WORK INSTRUCTION: Although the records contain pictures, only their text should be repeated, exactly as it stands.

+++

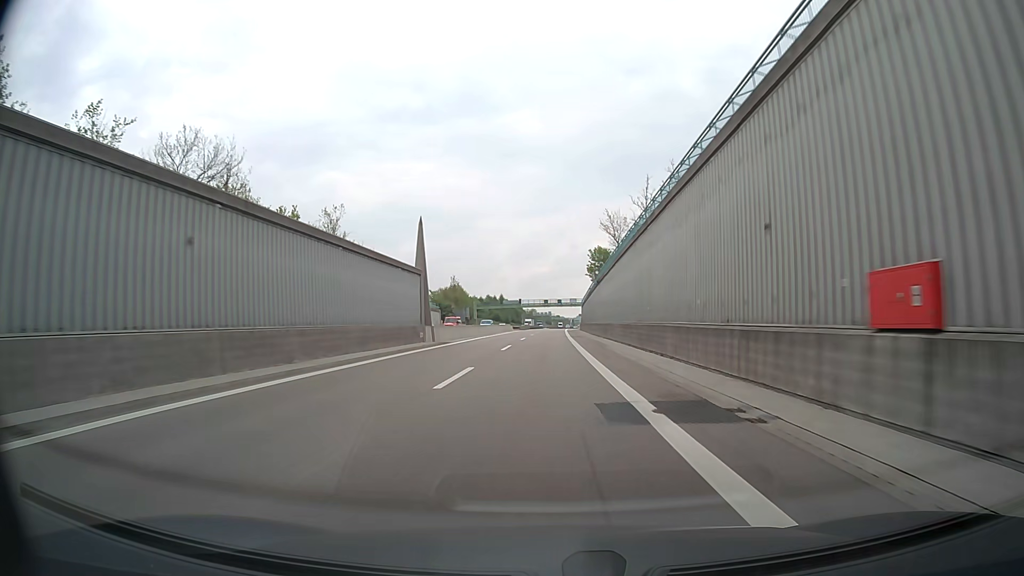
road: motorway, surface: asphalt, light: Day
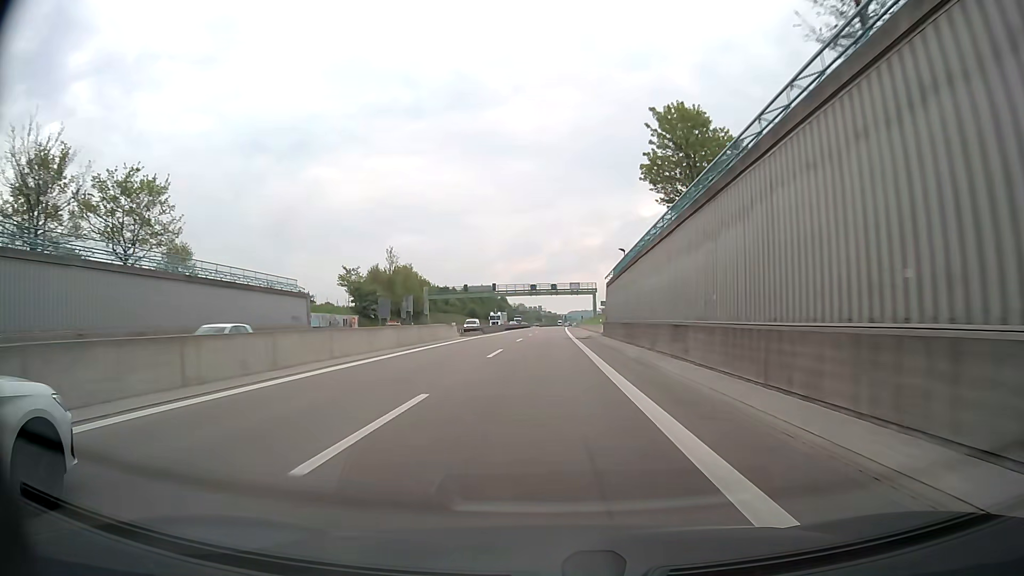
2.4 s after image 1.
(+0.5, +62.1) m; +1°
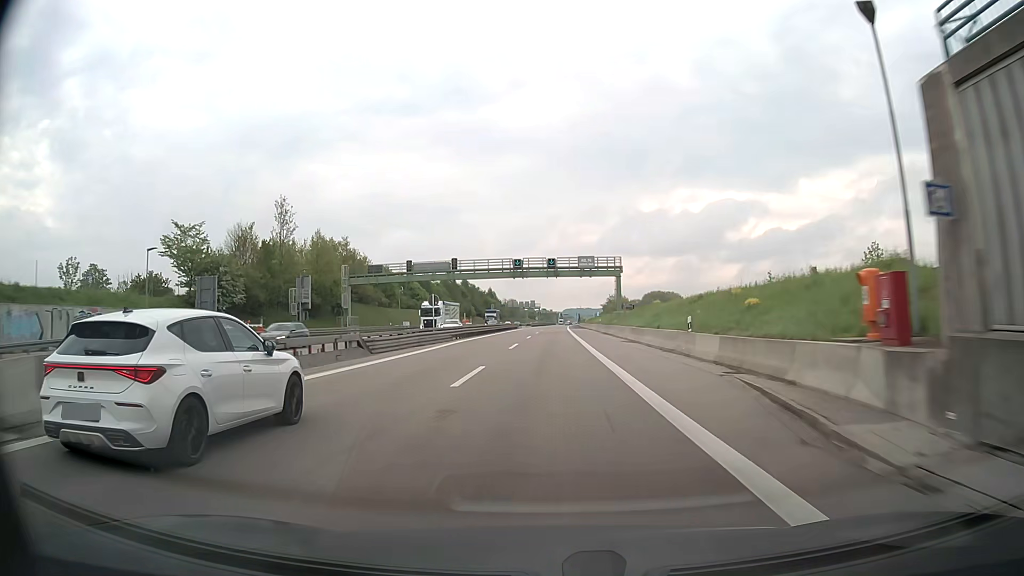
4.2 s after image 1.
(+0.1, +46.5) m; 0°
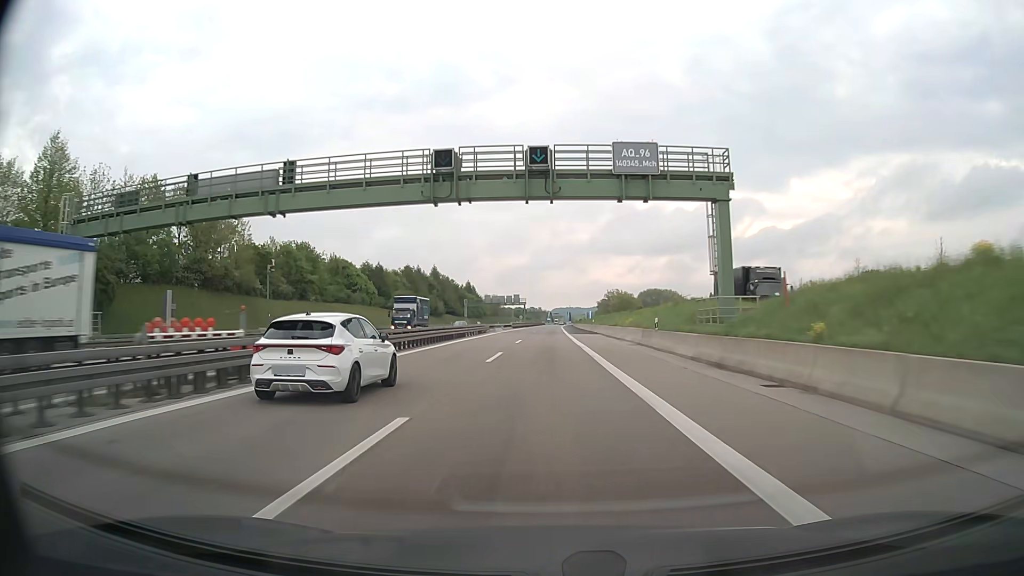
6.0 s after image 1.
(+0.3, +46.6) m; +1°
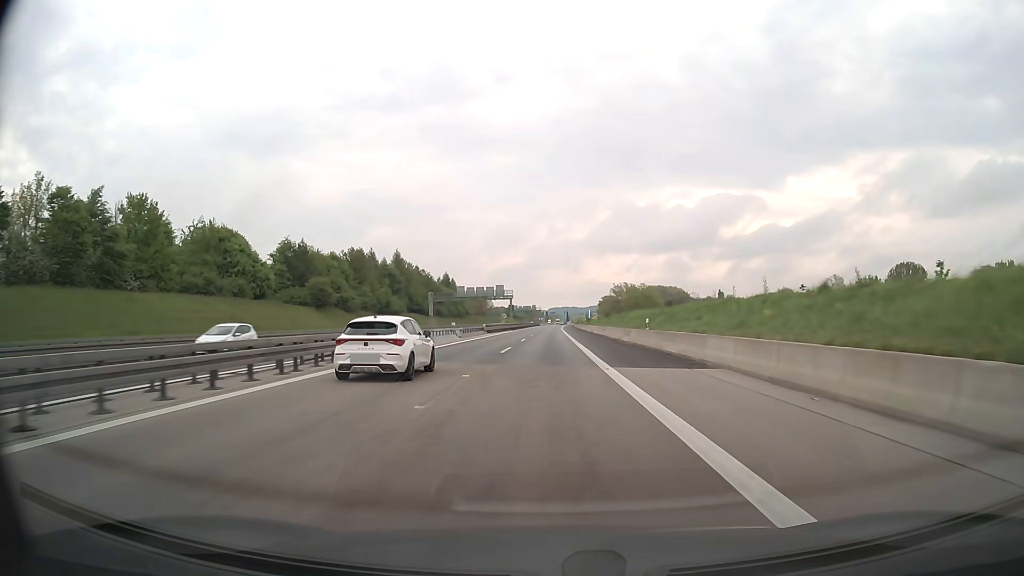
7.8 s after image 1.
(+0.2, +47.5) m; 0°
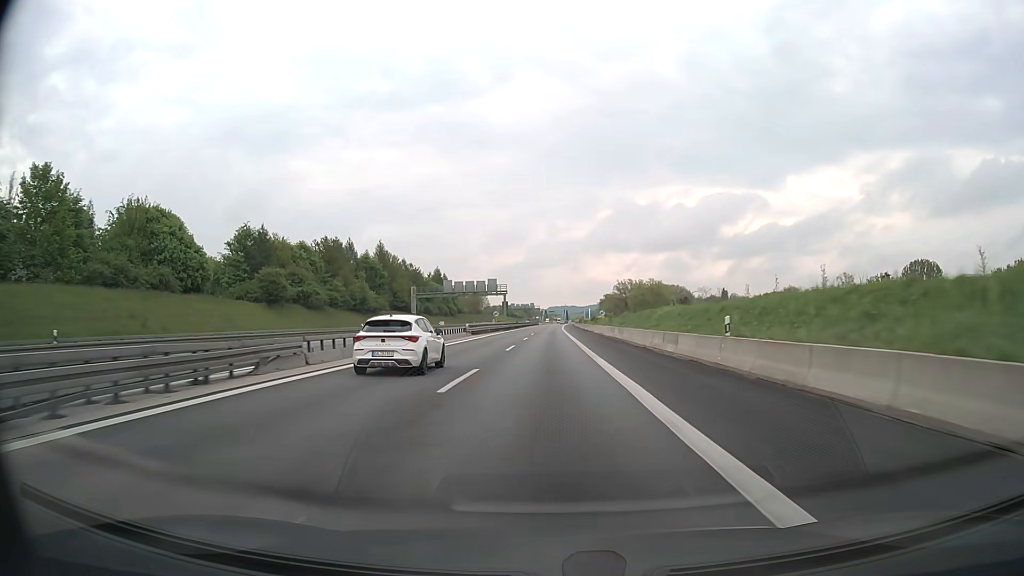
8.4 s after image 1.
(0.0, +16.0) m; 0°
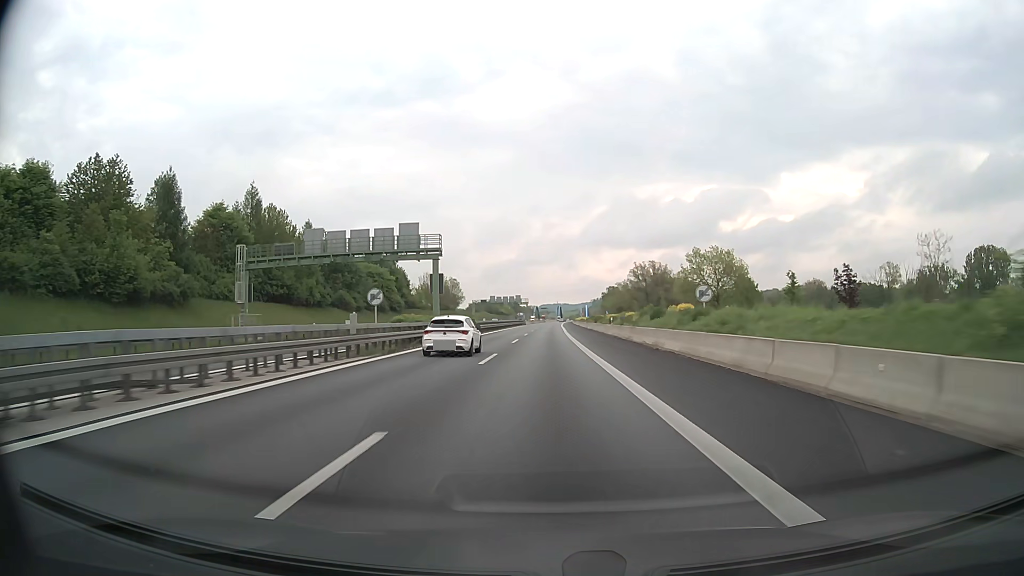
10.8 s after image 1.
(+0.5, +64.5) m; +1°
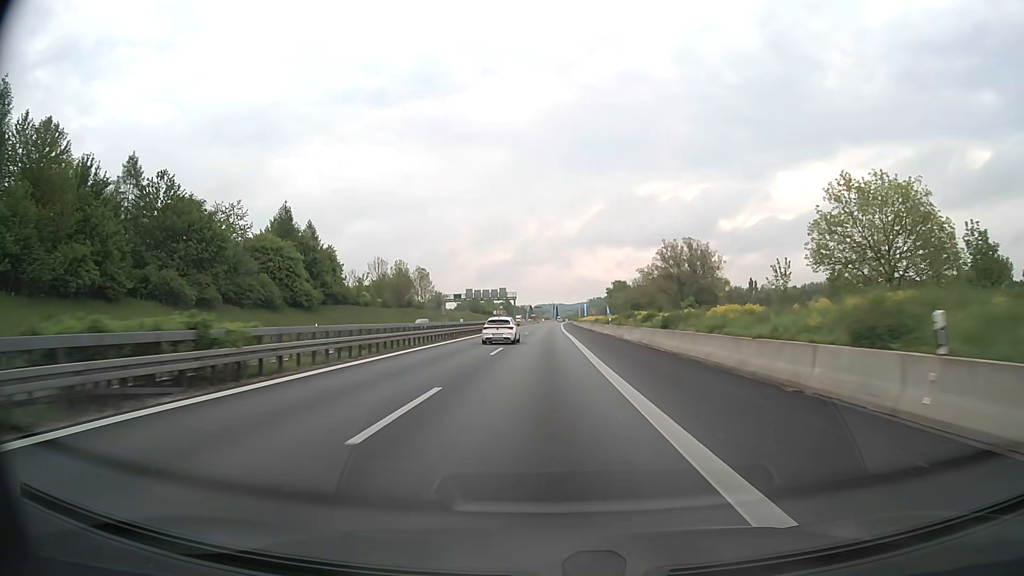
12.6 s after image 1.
(+0.2, +48.5) m; +1°
(0, +10) (0, +20) (0, +30) (0, +40) (0, +50) (0, +60) (0, +70) (0, +80) (0, +90) (+1, +100) m

+++

WRITTEN ANSWER:
road: motorway, surface: asphalt, light: Day
2.4 s after image 1.
(+0.5, +62.1) m; +1°
4.2 s after image 1.
(+0.1, +46.5) m; 0°
6.0 s after image 1.
(+0.3, +46.6) m; +1°
7.8 s after image 1.
(+0.2, +47.5) m; 0°
8.4 s after image 1.
(0.0, +16.0) m; 0°
10.8 s after image 1.
(+0.5, +64.5) m; +1°
12.6 s after image 1.
(+0.2, +48.5) m; +1°
(0, +10) (0, +20) (0, +30) (0, +40) (0, +50) (0, +60) (0, +70) (0, +80) (0, +90) (+1, +100) m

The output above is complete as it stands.